Deine Musik ist keine lupenreine Clubmusik. Wo würdest Du sie ansiedeln?
Max Loderbauer: Schon mit Sun Electric waren wir eher im Ambient-Bereich tätig, also in Randbereichen der elektronischen Clubmusik. Wir haben keine Musik zum Abtanzen gemacht, sondern Hörmusik.
Wie war Dein Werdegang?
Max Loderbauer: Ich hatte eine klassische Klavierausbildung, habe mich aber schon früh für andere Sounds interessiert. Wir hatten ein Cembalo zu Hause, und das hat mich inspiriert, einfach weil es ein Tasteninstrument war mit einem anderen Klang als ein Klavier. Ich habe auch schon mal unser Klavier - zum Entsetzen meiner Eltern - mit Reißnägeln präpariert, um einen ‘Honky-tonk‘-Sound zu bekommen.
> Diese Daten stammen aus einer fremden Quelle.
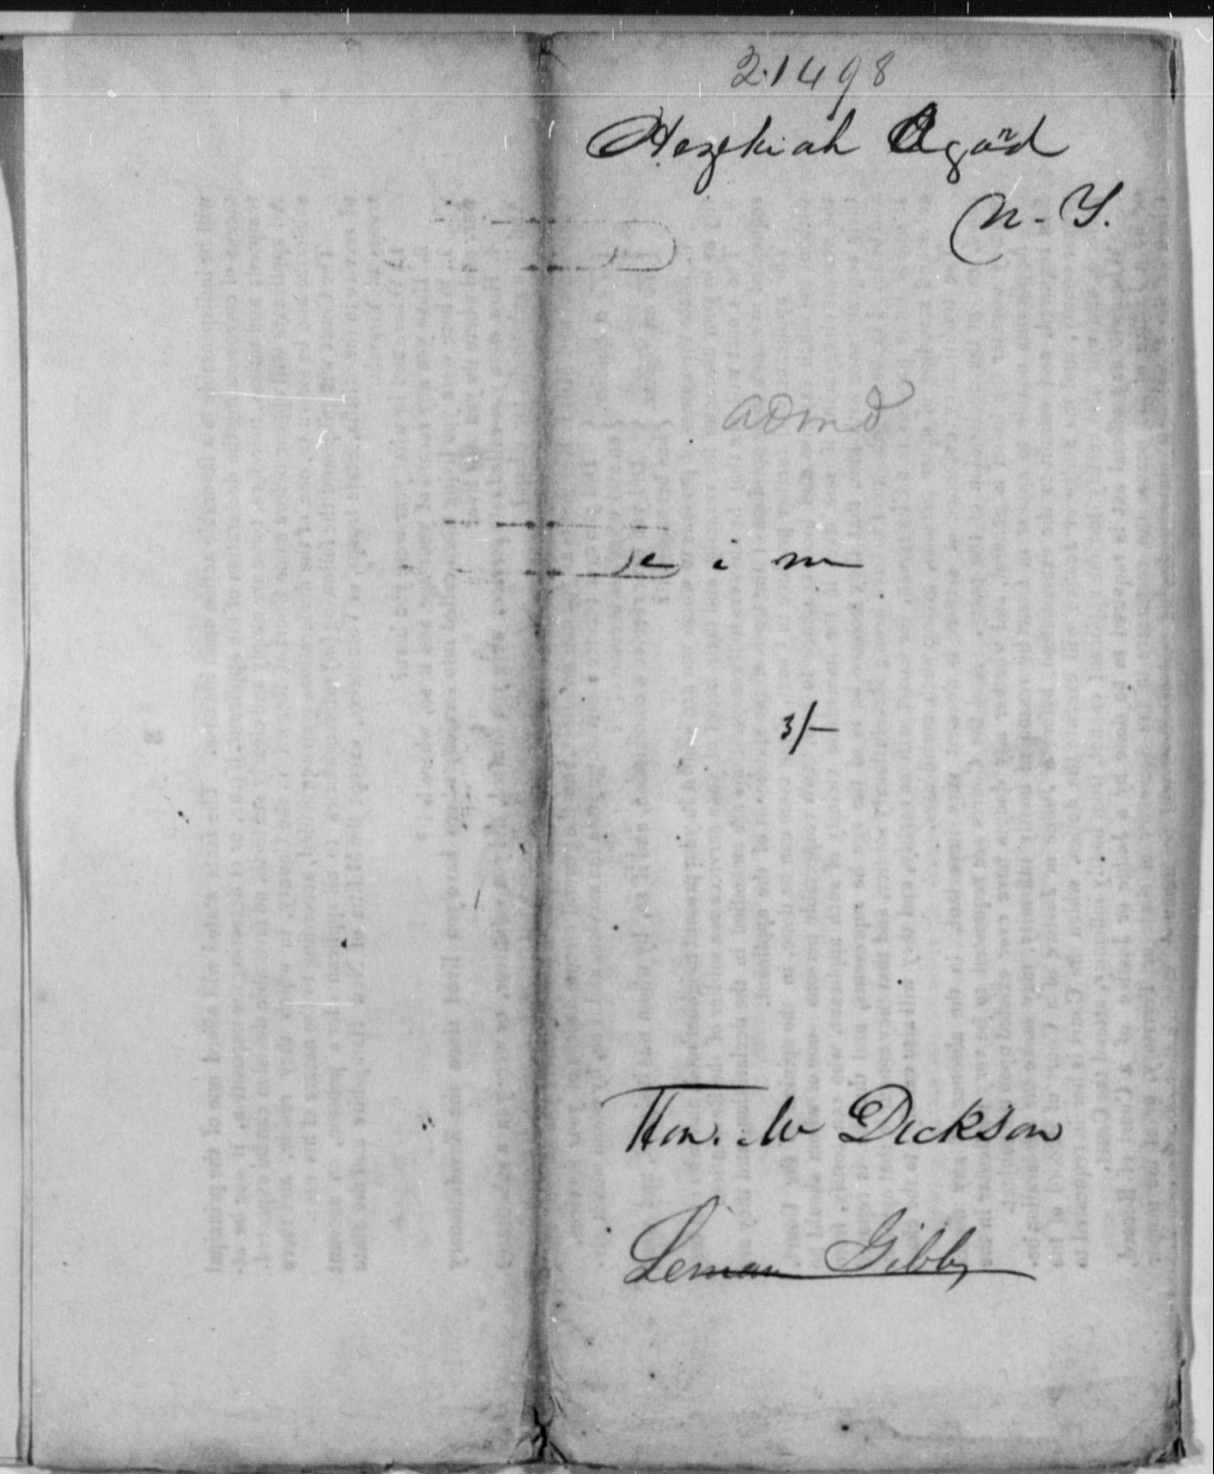21498
Hezekiah Agard
N. Y.
Admd
to
3/-
Hon. M Dickson
Leman Gibbs

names: Dickson, Hezekiah Agard, Leman Gibbs
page: 11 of 19
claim: survivor's
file: S. 23,092, Hezekiah Agard, Conn.

Was brachte dich zur Elektronik?
Max Loderbauer: Ich fing schon als Teenager an, akustische Tasteninstrumente mit Elektronik zu verfremden. Mein Vater hatte ein Zwei-Spur-Tonbandgerät, mit dem man Mehrspuraufnahmen machen konnte. Mit dem habe ich rumgespielt, das Tempo verändert und solche Sachen. Dann spielte ich in meiner ersten Band. Wir machten Prog-Rock. King Crimson war unser großes Vorbild. Von meinen Eltern habe ich eine Hohner-Orgel zu Weihnachten bekommen, die ich heute noch besitze und bei Sun Electric einsetzte. Diese Orgel war mein erster Synthesizer. Man konnte mit ihr schon recht ungewöhnliche Sounds machen.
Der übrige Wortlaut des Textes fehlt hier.